The content / meaning / semantics of the data is the same — they are the same three digits addition questions. It is the format of the CoT is different — one is more detailed than another.

3.2 - Curriculum of data

To understand the data curriculum, note the following points:

There are many skills that we would like to teach the model, say skill 1 to 3.

For different skills, there exist different sources of training data that could help with that skill (e.g., webpages for MMLU-styled problems, GitHub for coding problems).

Say we want to teach the model both text and code capability, we have 10B text and 10B code, our compute only allows us to train 10B data. We want to maximize the coding capability. Here are three possible solutions:

Method 1 (code-only): directly feed 10B code data

Method 2 (uniform mixing): mix the 5B text and 5B code data uniformly, then feed them simultaneously to the model

Method 3 (data curriculum): feed 5B text first, then 5B code

Which one could perform the best?

If the skills that the model could learn from text data is not helpful to the code data, then we may directly do method 1, code only, as is the case of StarCoder and AlphaCode.

If the skills that the model could learn from text data can transfer to the code data, then we may want to do method 2, uniform mixing

If learning code skills requires the model to have text skills first, that is to say, there are dependencies between text and code and text must come first, then we need to do method 3, the data curriculum. This is the case of Codex and CodeLLaMA (although they may not intentionally choose to do this).

But which of the setting could likely to be the “correct recipe” for pretraining? We note the following observation from Chen et. al. 2023.

Different source of data induces different skills. Training on a particular ordering of data can give faster learning speed than training on skill-specific data.

Here the authors show that, in synthetic and simplified settings, a learned data curriculum scheduling data of skill 1, 2, 3 can achieve faster learning speed of learning on data of skill 3.

3.3 - Mix ratio

Mix ratio refers to how we weight data from different sources. for example, LLaMA uses the following weight:

LLaMA data mix ratio. This ratio down weights code data like Github and StackExchange, also it down weights paper data like Arxiv.

Apparently LLaMA downweights:

Code data like Github, consequently LLaMA’s coding performance is not very high. In comparison, starcoder, which trains mostly on code, performs good on coding tasks.

Paper data like Arxiv, consequently LLaMA’s scientific reasoning seems not very high. In comparison, Galactica, which trains mostly on papers, performs good on scientific reasoning.

Different mix ratio may result in different speed of learning, as is shown by the DoReMi paper:

Different mix ratio of data improves speed of learning.
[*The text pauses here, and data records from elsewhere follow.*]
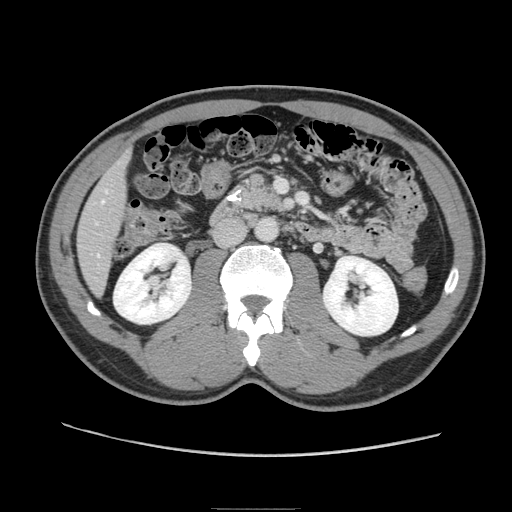

Abdomen, CT slice
The pancreas is bounded by <box>233,173,282,211</box>.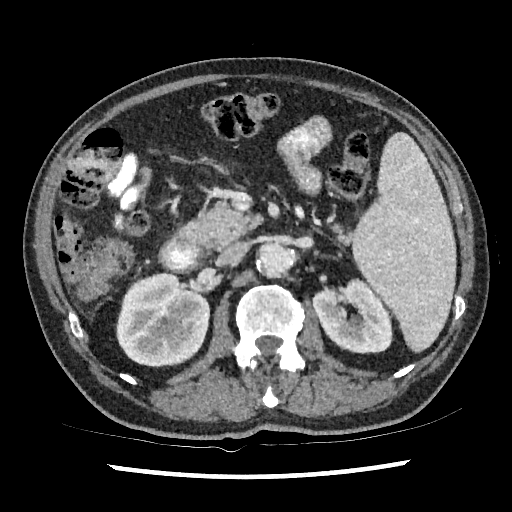
Computed tomography; 512x512
<segmentation>
  <kidney>117 273 209 365, 313 279 391 352</kidney>
</segmentation>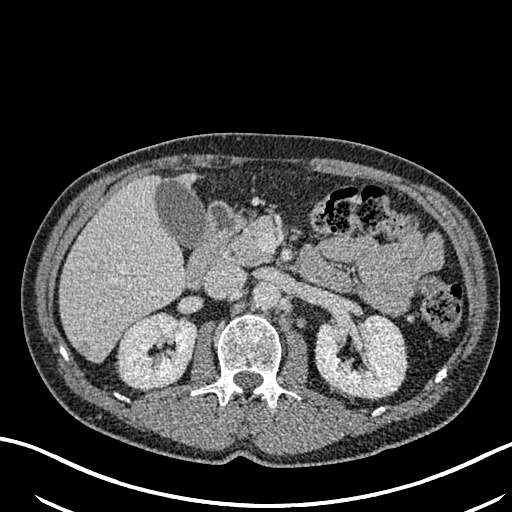 Liver | CT
2 liver regions appear at box(60, 177, 184, 361); box(179, 174, 194, 186). 2 kidney regions are located at box(119, 315, 195, 388); box(316, 315, 405, 397). 2 hepatic lesion regions are bounded by box(91, 260, 104, 273); box(75, 341, 90, 357).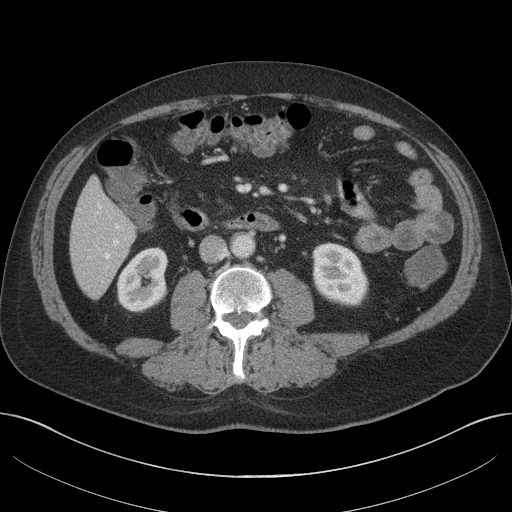 Upper abdomen, Image size 512x512, Computed tomography
The liver appears at [x1=70, y1=179, x2=134, y2=296]. 2 kidney regions are located at [x1=118, y1=249, x2=166, y2=310], [x1=314, y1=244, x2=365, y2=303].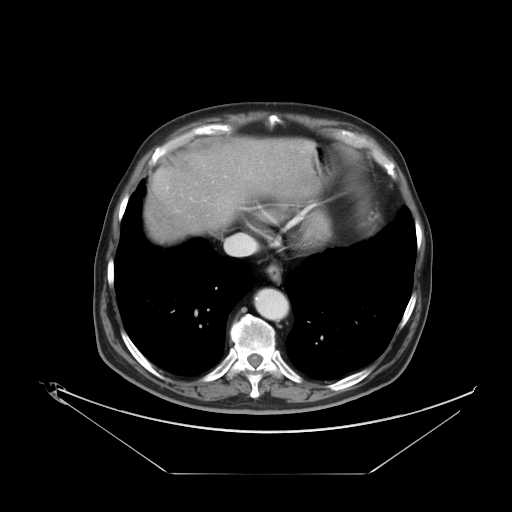
CT scan slice

Not every hepatic vessel necessarily has a box.
hepatic_vessel:
  - bbox=[226, 239, 228, 242]

As Xie et. al. 2023 shows, a better mix ratio of Pile improves models’ performance with a higher learning curve, making the model learns faster from the data.

3.4 - Caveat: model scaling

Although data format / curriculum / mix ratio are important for learning speed, one very important caveat is model scaling, as large models learns much faster than small models. It is very common that results of data engineering on model scale less than 30B cannot transfer to model larger than 70B. One example here is our verification on whether code data truly improves reasoning, we observe that:

Coding data seems to improve:

Symbolic reasoning, like BABI and BBH-Algorithmic
Translation between symbolic data and language data, such as structure-to-text or text-to-sql

But, the above observation only happens for 7B model — when the model is 70B, we cannot observe improvements on BBH-Algorithmic

Further, coding data cannot improve:

Natural language reasoning, like BBH-Language
Math reasoning, like GSM8K

Pay attention to the point that code data only improve 7B model’s BBH-Algo but not 70B. Similar observation have been made by various places who build language models. In fact, I am a bit of worried that some sub-directions of data engineering might be flushed by paper publications which makes a large voice but cannot generalize to larger model scale 🙃.

Consequently, all of the improvements from data format / curriculum / mix ratio may be easily overwhelmed by model and data scaling — they work only for small models and simple tasks, when the model / data become large, then may become useless. If this is the case, we should put more efforts on solid data cleaning rather than useless fancy curriculum. We are not sure if this is the case, but we hope not.

4 - Further discussion on measuring the speed of learning

In this section, we discuss different granularity of skills and their learning curves, we also consider how to measure the speed of learning beyond single-skill metrics and dev loss.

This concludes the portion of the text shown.